▸ What the exercise asks: The records follow. Copy them exactly, but omit the pictures.
(Recorded information Opens)
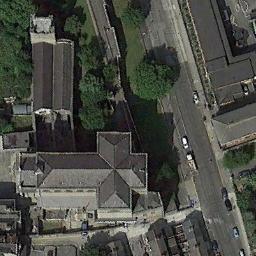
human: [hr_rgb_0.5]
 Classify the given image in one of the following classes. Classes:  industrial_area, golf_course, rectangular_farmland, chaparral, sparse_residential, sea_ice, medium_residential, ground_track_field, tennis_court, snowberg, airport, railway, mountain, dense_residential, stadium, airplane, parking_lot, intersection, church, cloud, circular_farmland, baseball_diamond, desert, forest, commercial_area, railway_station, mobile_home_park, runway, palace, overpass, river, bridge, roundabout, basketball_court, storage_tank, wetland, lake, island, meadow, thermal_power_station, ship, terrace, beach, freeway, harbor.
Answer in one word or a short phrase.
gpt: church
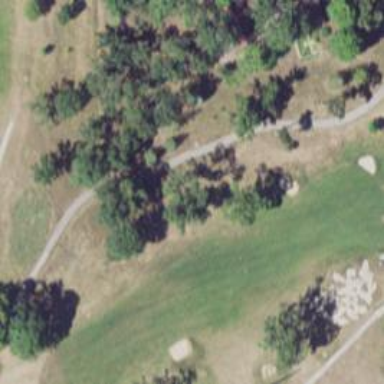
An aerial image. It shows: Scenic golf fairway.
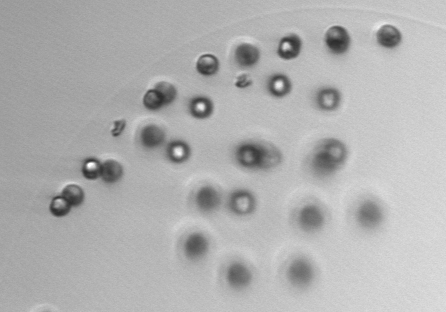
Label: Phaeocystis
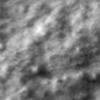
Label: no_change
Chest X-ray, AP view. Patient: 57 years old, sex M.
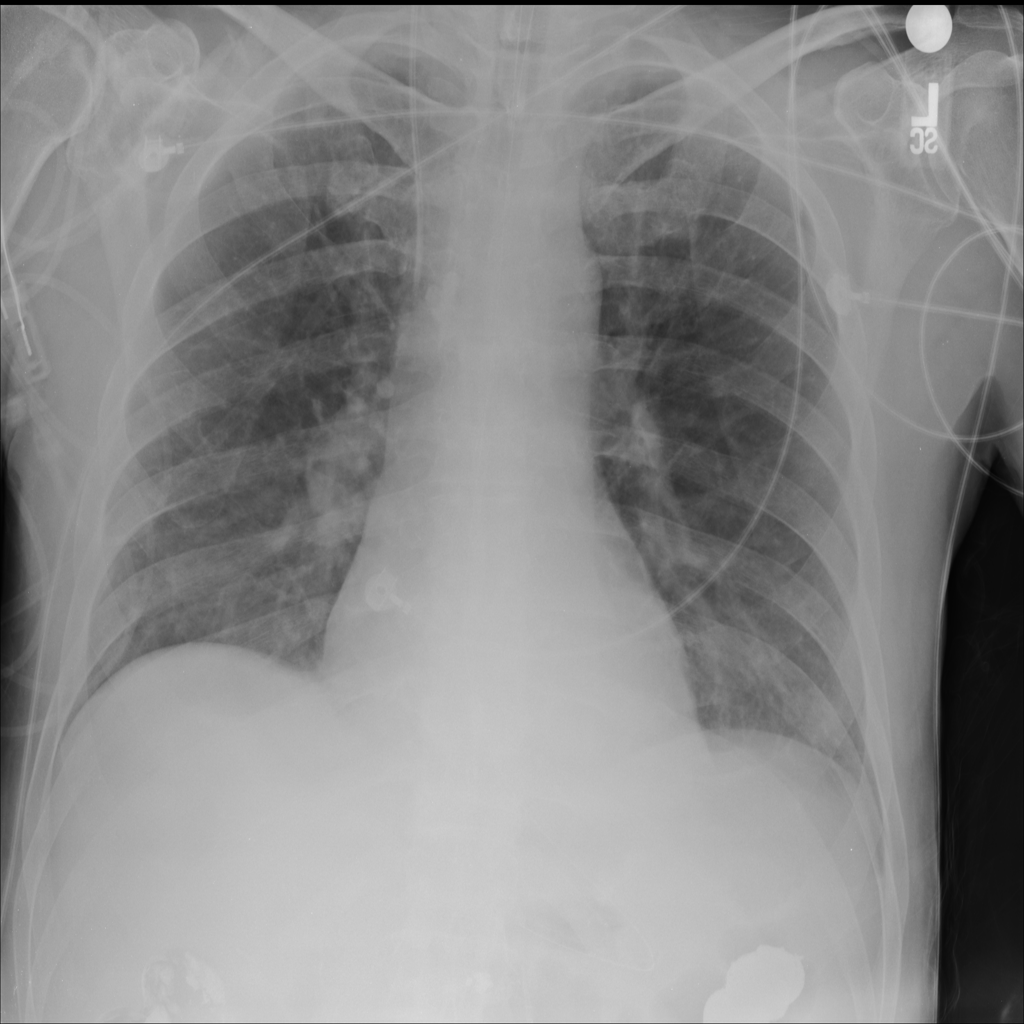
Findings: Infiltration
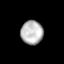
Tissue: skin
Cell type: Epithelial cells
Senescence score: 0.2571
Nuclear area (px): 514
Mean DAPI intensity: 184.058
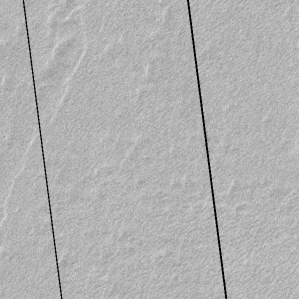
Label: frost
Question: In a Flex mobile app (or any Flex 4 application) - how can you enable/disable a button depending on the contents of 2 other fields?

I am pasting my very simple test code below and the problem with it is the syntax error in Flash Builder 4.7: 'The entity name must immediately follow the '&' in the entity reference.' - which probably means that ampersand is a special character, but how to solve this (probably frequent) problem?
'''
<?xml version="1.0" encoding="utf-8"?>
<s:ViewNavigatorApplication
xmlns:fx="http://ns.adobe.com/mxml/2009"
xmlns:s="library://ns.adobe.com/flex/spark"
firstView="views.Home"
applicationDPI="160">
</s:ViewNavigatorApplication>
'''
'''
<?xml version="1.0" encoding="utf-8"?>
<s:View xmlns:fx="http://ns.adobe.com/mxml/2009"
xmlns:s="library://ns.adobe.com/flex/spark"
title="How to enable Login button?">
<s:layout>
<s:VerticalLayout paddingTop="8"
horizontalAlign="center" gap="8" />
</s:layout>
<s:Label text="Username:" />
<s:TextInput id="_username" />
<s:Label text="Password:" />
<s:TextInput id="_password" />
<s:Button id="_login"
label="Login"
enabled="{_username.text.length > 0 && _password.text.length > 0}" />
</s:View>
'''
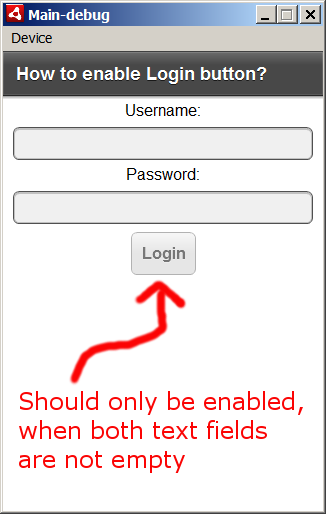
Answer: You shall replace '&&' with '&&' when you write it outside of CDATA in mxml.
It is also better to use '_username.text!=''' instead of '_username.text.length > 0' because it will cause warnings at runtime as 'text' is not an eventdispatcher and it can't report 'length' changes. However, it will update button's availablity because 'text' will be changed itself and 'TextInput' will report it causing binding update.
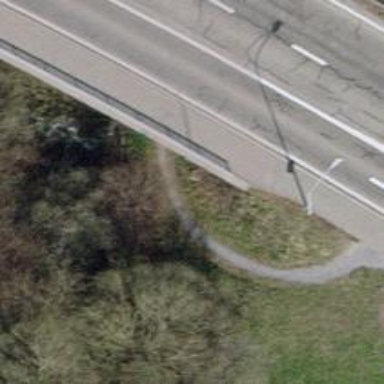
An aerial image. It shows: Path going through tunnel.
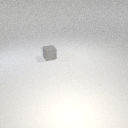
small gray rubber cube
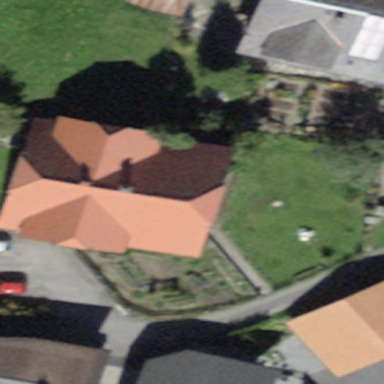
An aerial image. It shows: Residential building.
(Recorded information Closes)
▸ Response box:
human: [hr_rgb_0.5]
 Classify the given image in one of the following classes. Classes:  industrial_area, golf_course, rectangular_farmland, chaparral, sparse_residential, sea_ice, medium_residential, ground_track_field, tennis_court, snowberg, airport, railway, mountain, dense_residential, stadium, airplane, parking_lot, intersection, church, cloud, circular_farmland, baseball_diamond, desert, forest, commercial_area, railway_station, mobile_home_park, runway, palace, overpass, river, bridge, roundabout, basketball_court, storage_tank, wetland, lake, island, meadow, thermal_power_station, ship, terrace, beach, freeway, harbor.
Answer in one word or a short phrase.
gpt: church
An aerial image. It shows: Scenic golf fairway.
Label: Phaeocystis
Label: no_change
Chest X-ray, AP view. Patient: 57 years old, sex M.
Findings: Infiltration
Tissue: skin
Cell type: Epithelial cells
Senescence score: 0.2571
Nuclear area (px): 514
Mean DAPI intensity: 184.058
Label: frost
Question: In a Flex mobile app (or any Flex 4 application) - how can you enable/disable a button depending on the contents of 2 other fields?

I am pasting my very simple test code below and the problem with it is the syntax error in Flash Builder 4.7: 'The entity name must immediately follow the '&' in the entity reference.' - which probably means that ampersand is a special character, but how to solve this (probably frequent) problem?
'''
<?xml version="1.0" encoding="utf-8"?>
<s:ViewNavigatorApplication
xmlns:fx="http://ns.adobe.com/mxml/2009"
xmlns:s="library://ns.adobe.com/flex/spark"
firstView="views.Home"
applicationDPI="160">
</s:ViewNavigatorApplication>
'''
'''
<?xml version="1.0" encoding="utf-8"?>
<s:View xmlns:fx="http://ns.adobe.com/mxml/2009"
xmlns:s="library://ns.adobe.com/flex/spark"
title="How to enable Login button?">
<s:layout>
<s:VerticalLayout paddingTop="8"
horizontalAlign="center" gap="8" />
</s:layout>
<s:Label text="Username:" />
<s:TextInput id="_username" />
<s:Label text="Password:" />
<s:TextInput id="_password" />
<s:Button id="_login"
label="Login"
enabled="{_username.text.length > 0 && _password.text.length > 0}" />
</s:View>
'''
Answer: You shall replace '&&' with '&&' when you write it outside of CDATA in mxml.
It is also better to use '_username.text!=''' instead of '_username.text.length > 0' because it will cause warnings at runtime as 'text' is not an eventdispatcher and it can't report 'length' changes. However, it will update button's availablity because 'text' will be changed itself and 'TextInput' will report it causing binding update.
An aerial image. It shows: Path going through tunnel.
small gray rubber cube
An aerial image. It shows: Residential building.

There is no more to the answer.